Dataset records:
Start of Block
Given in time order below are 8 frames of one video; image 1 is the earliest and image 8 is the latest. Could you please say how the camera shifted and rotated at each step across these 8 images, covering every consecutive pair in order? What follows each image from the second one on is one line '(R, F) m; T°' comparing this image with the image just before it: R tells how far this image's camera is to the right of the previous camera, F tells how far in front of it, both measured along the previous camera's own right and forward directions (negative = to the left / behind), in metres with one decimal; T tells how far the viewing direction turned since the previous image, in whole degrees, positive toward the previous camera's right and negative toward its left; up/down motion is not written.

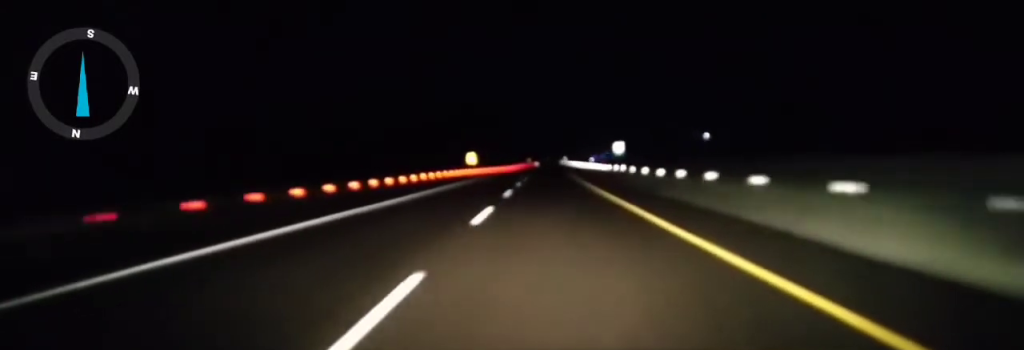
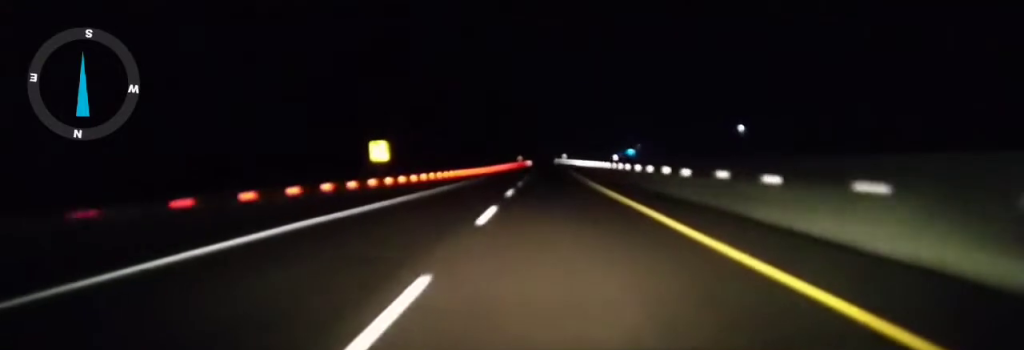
(0.0, +52.3) m; 0°
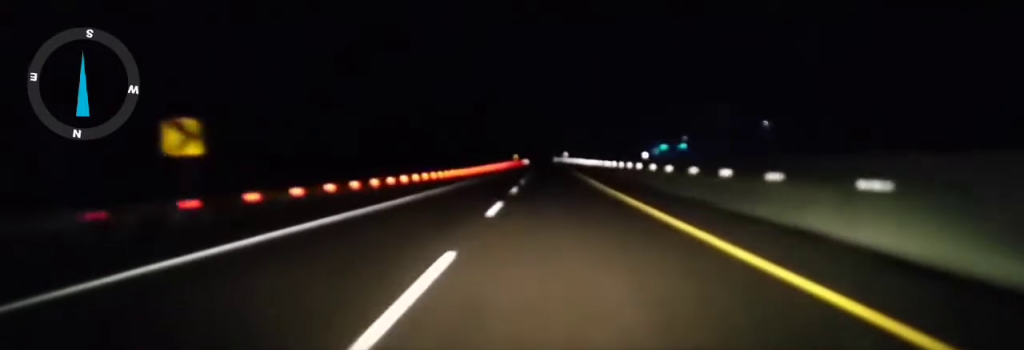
(+0.2, +25.0) m; +1°
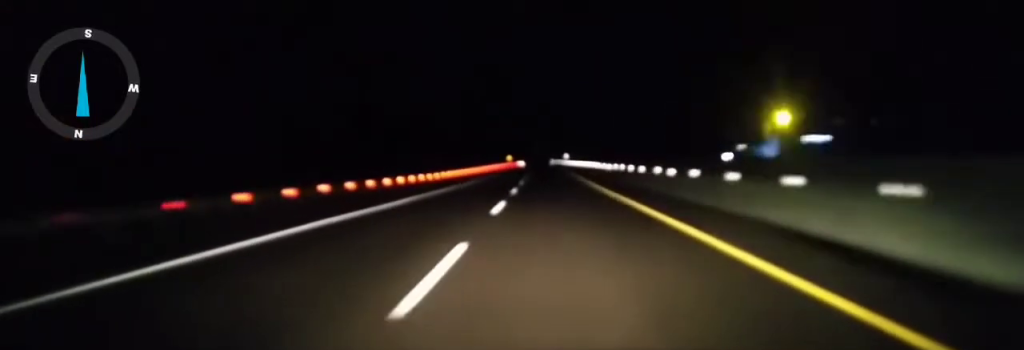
(+0.2, +25.0) m; +1°
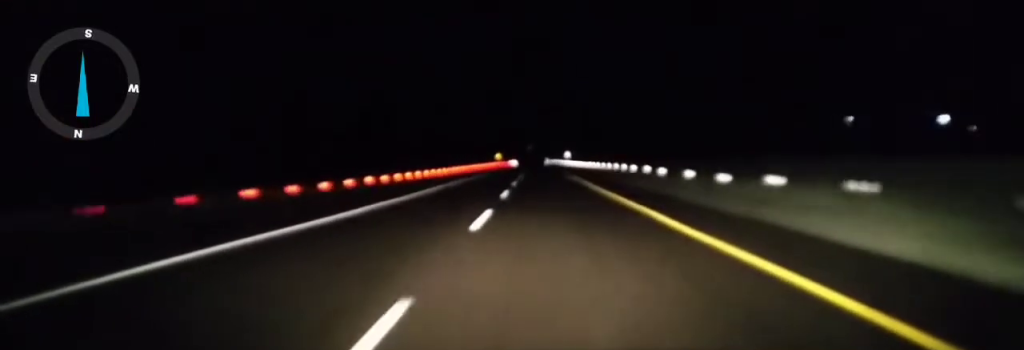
(+0.1, +30.0) m; 0°
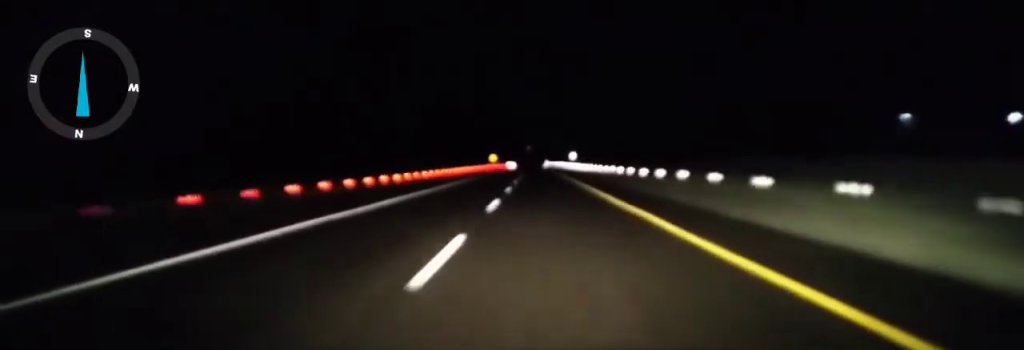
(+0.1, +19.7) m; 0°
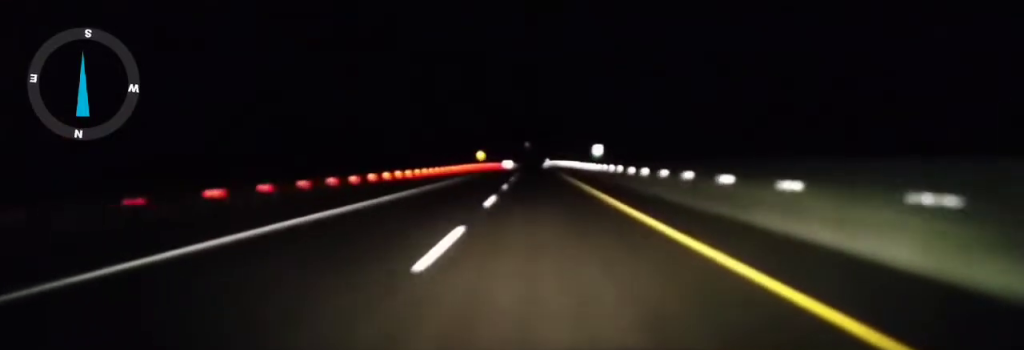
(-0.4, +39.2) m; -1°
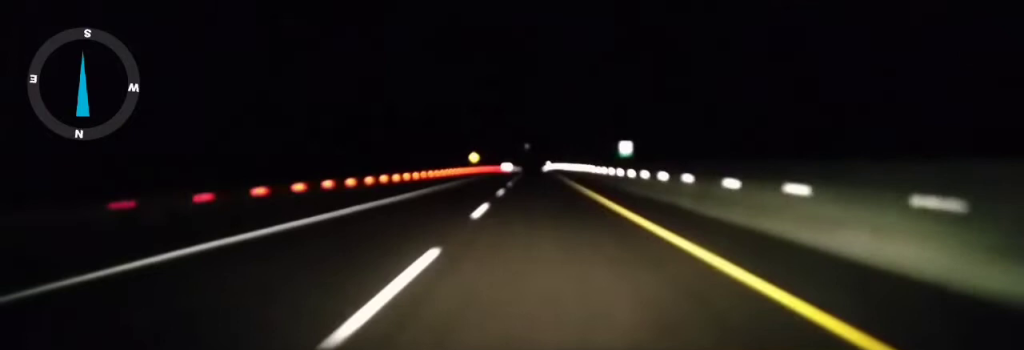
(-0.3, +16.6) m; 0°
End of Block
Task to complete:
What you return must match the records line for line, with the pictures left out.

Answer box:
Given in time order below are 8 frames of one video; image 1 is the earliest and image 8 is the latest. Could you please say how the camera shifted and rotated at each step across these 8 images, covering every consecutive pair in order? What follows each image from the second one on is one line '(R, F) m; T°' comparing this image with the image just before it: R tells how far this image's camera is to the right of the previous camera, F tells how far in front of it, both measured along the previous camera's own right and forward directions (negative = to the left / behind), in metres with one decimal; T tells how far the viewing direction turned since the previous image, in whole degrees, positive toward the previous camera's right and negative toward its left; up/down motion is not written.

(0.0, +52.3) m; 0°
(+0.2, +25.0) m; +1°
(+0.2, +25.0) m; +1°
(+0.1, +30.0) m; 0°
(+0.1, +19.7) m; 0°
(-0.4, +39.2) m; -1°
(-0.3, +16.6) m; 0°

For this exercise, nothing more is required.